----- Information -----
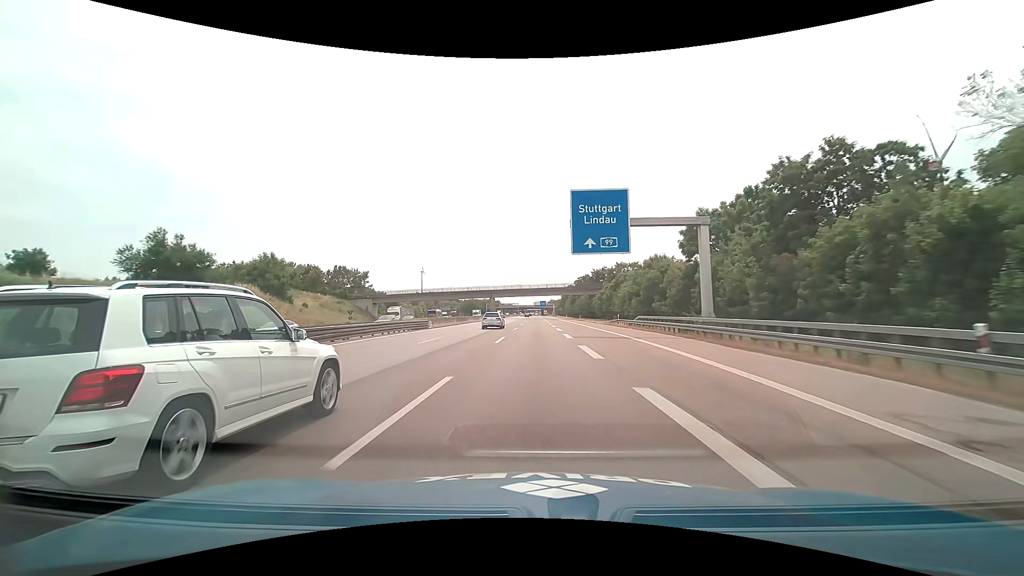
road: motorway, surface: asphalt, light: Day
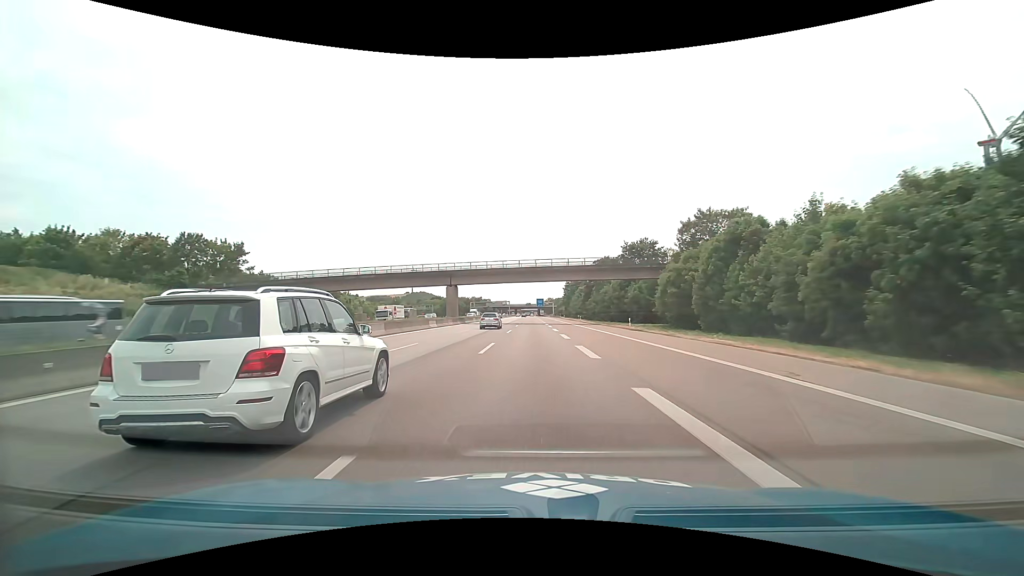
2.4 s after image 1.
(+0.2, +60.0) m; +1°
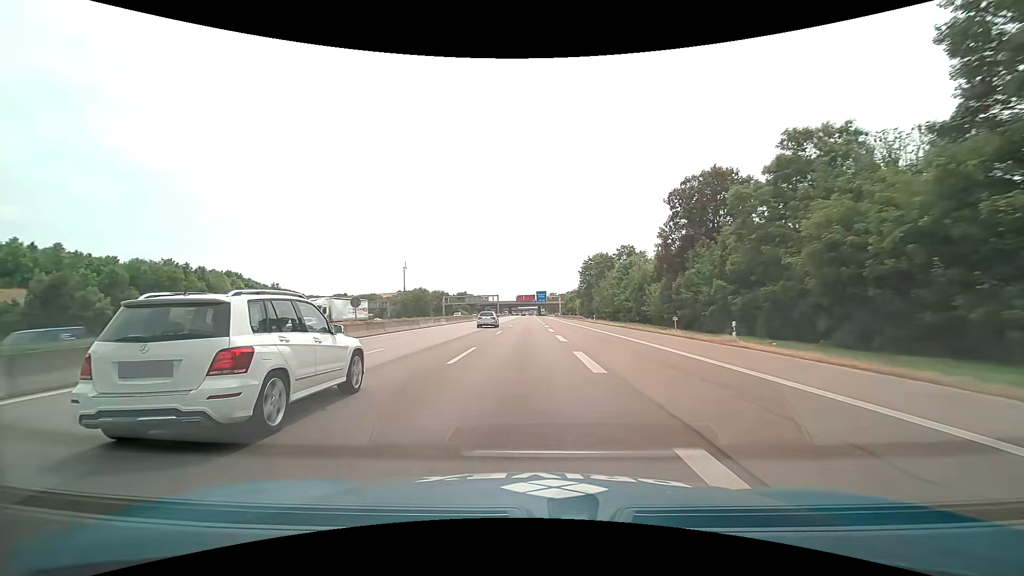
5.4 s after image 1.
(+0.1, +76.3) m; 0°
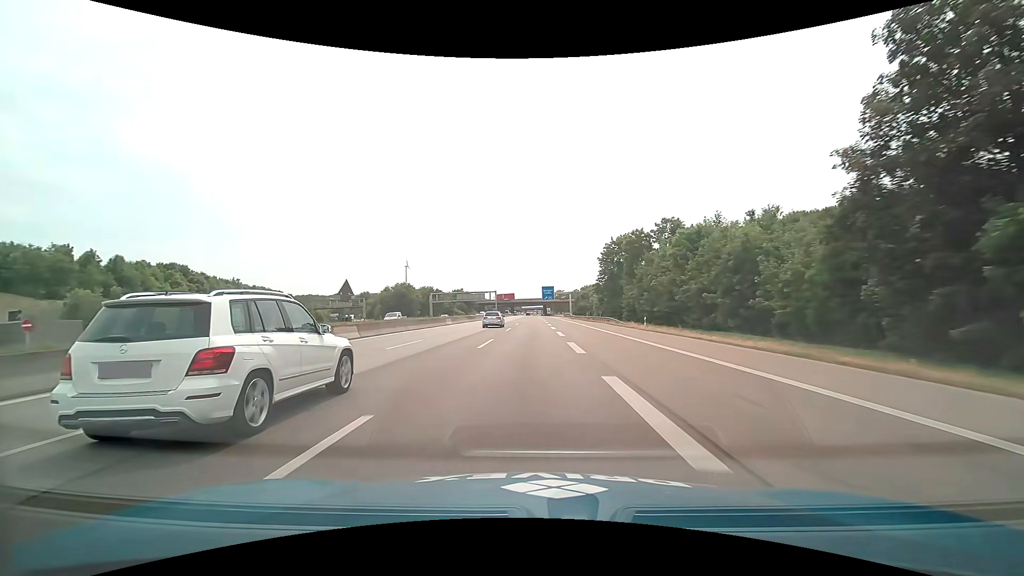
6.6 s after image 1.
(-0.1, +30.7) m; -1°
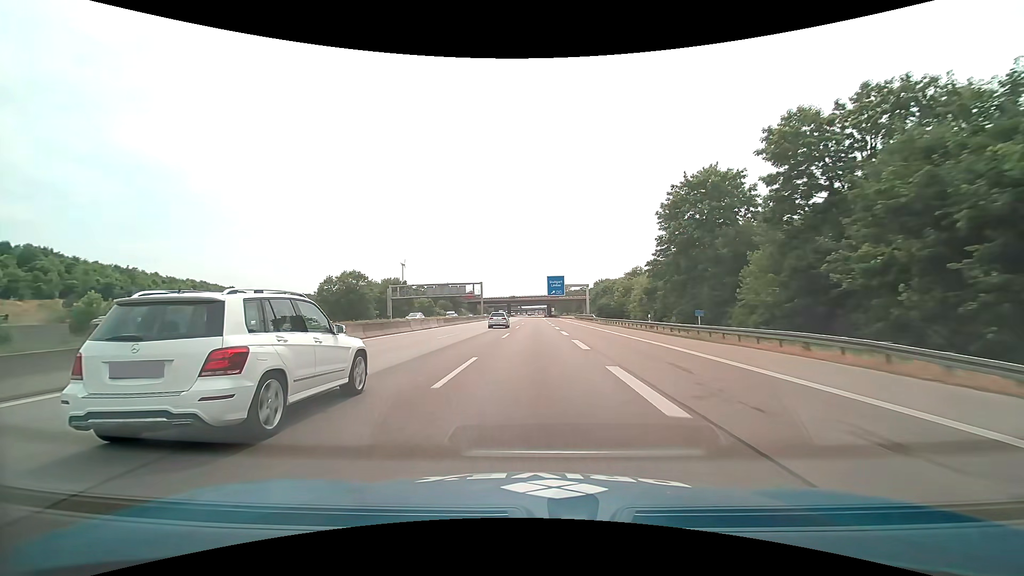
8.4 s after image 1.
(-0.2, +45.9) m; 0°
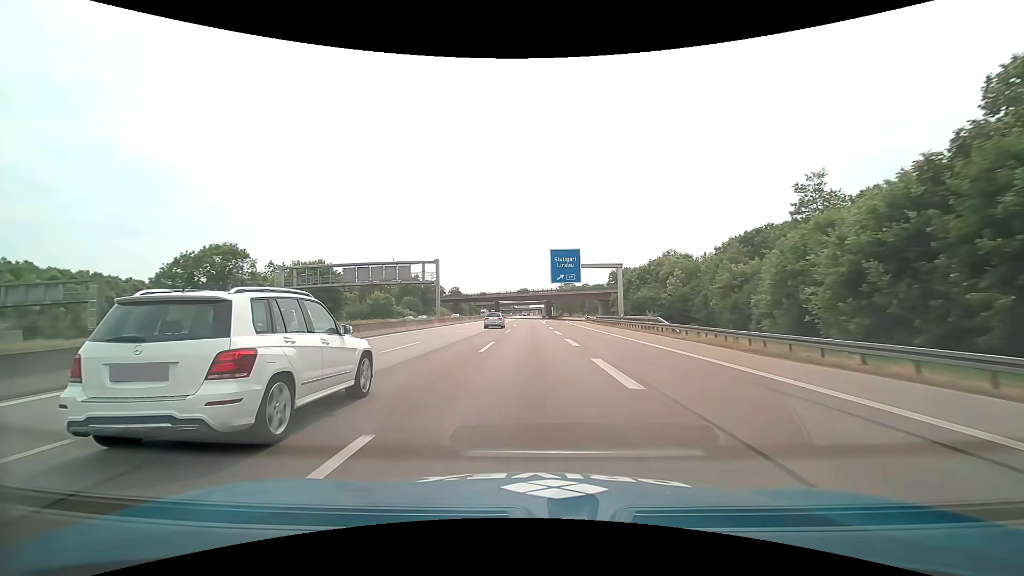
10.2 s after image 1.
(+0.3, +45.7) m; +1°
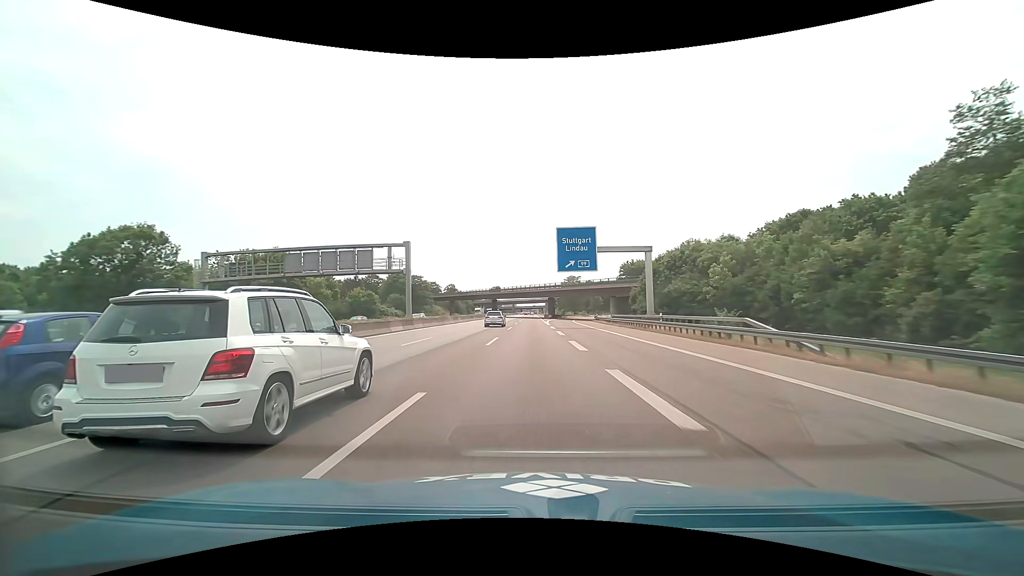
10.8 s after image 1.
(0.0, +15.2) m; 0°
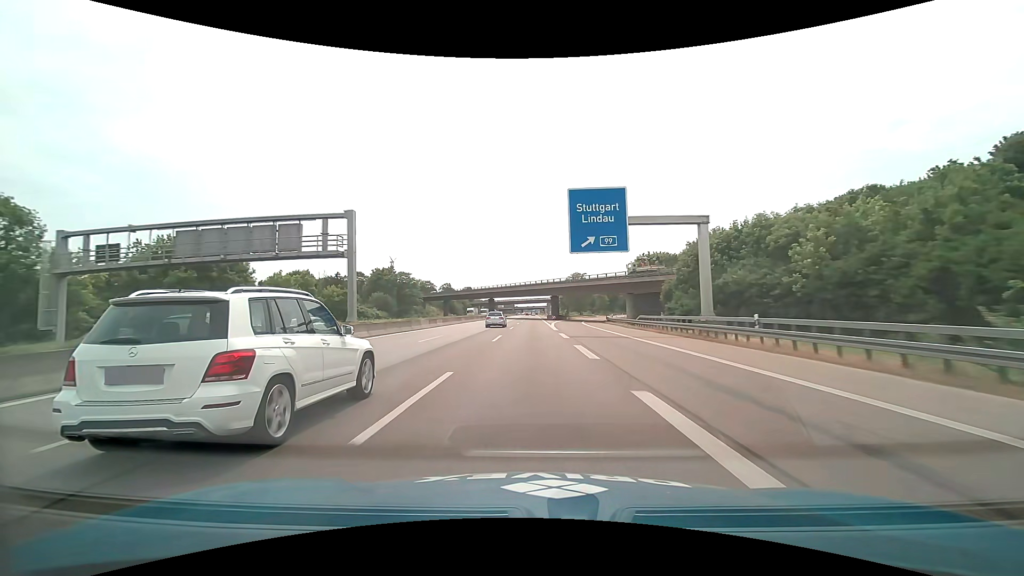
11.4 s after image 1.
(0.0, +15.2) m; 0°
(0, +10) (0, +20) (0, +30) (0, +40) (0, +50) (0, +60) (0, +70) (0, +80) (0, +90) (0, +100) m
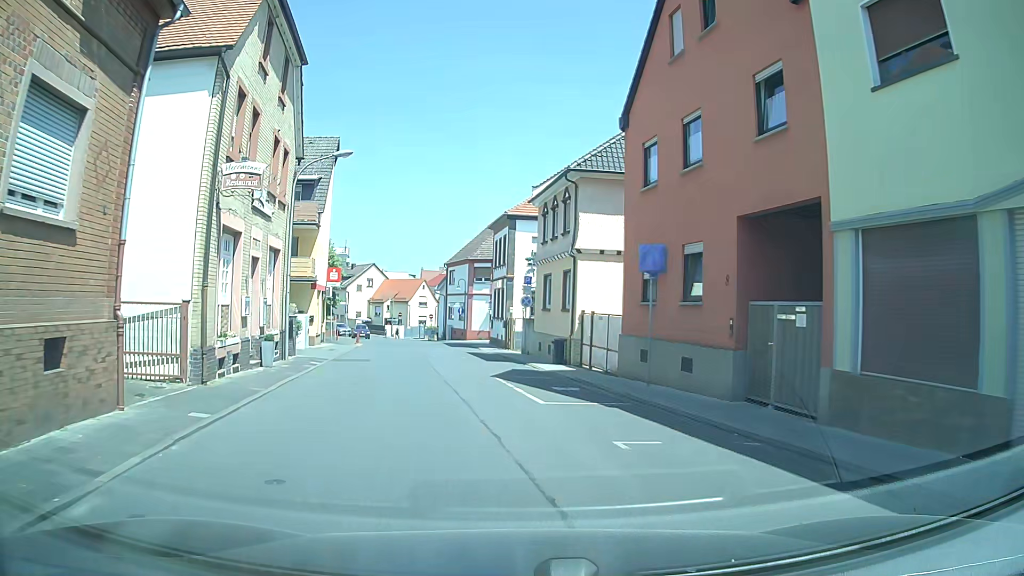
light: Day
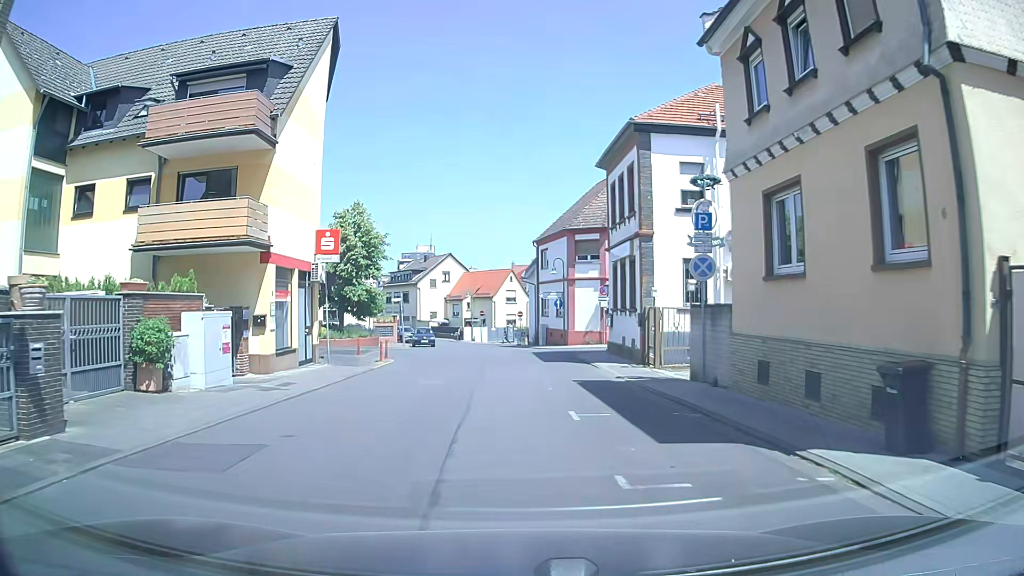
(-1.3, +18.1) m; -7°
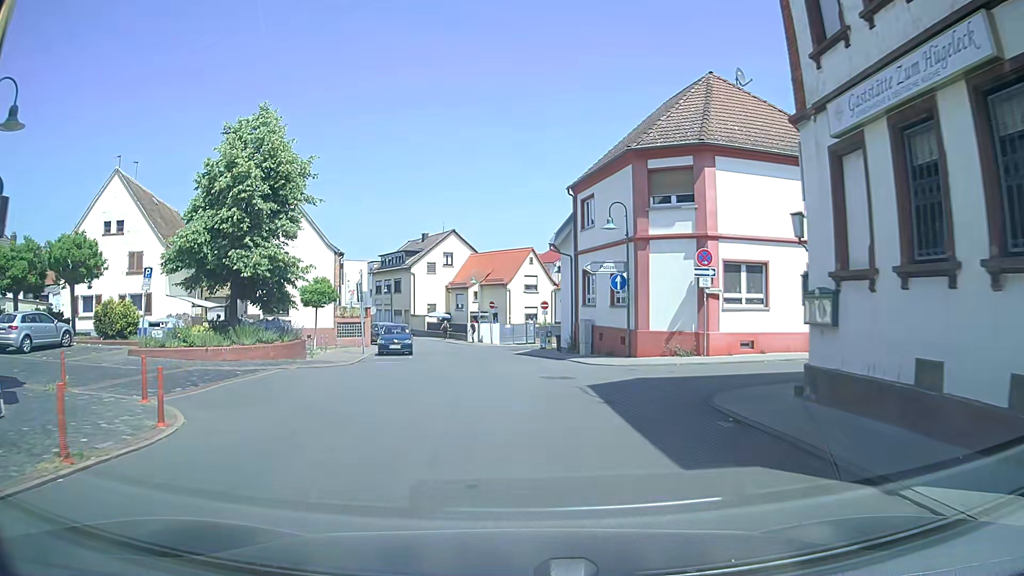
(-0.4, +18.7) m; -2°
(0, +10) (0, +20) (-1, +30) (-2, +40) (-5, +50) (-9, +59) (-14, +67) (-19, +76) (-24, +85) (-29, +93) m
-----
Your copy should match the listing exactly, apart from the pictures it leaves out.

## Exercise solution
road: motorway, surface: asphalt, light: Day
2.4 s after image 1.
(+0.2, +60.0) m; +1°
5.4 s after image 1.
(+0.1, +76.3) m; 0°
6.6 s after image 1.
(-0.1, +30.7) m; -1°
8.4 s after image 1.
(-0.2, +45.9) m; 0°
10.2 s after image 1.
(+0.3, +45.7) m; +1°
10.8 s after image 1.
(0.0, +15.2) m; 0°
11.4 s after image 1.
(0.0, +15.2) m; 0°
(0, +10) (0, +20) (0, +30) (0, +40) (0, +50) (0, +60) (0, +70) (0, +80) (0, +90) (0, +100) m
light: Day
(-1.3, +18.1) m; -7°
(-0.4, +18.7) m; -2°
(0, +10) (0, +20) (-1, +30) (-2, +40) (-5, +50) (-9, +59) (-14, +67) (-19, +76) (-24, +85) (-29, +93) m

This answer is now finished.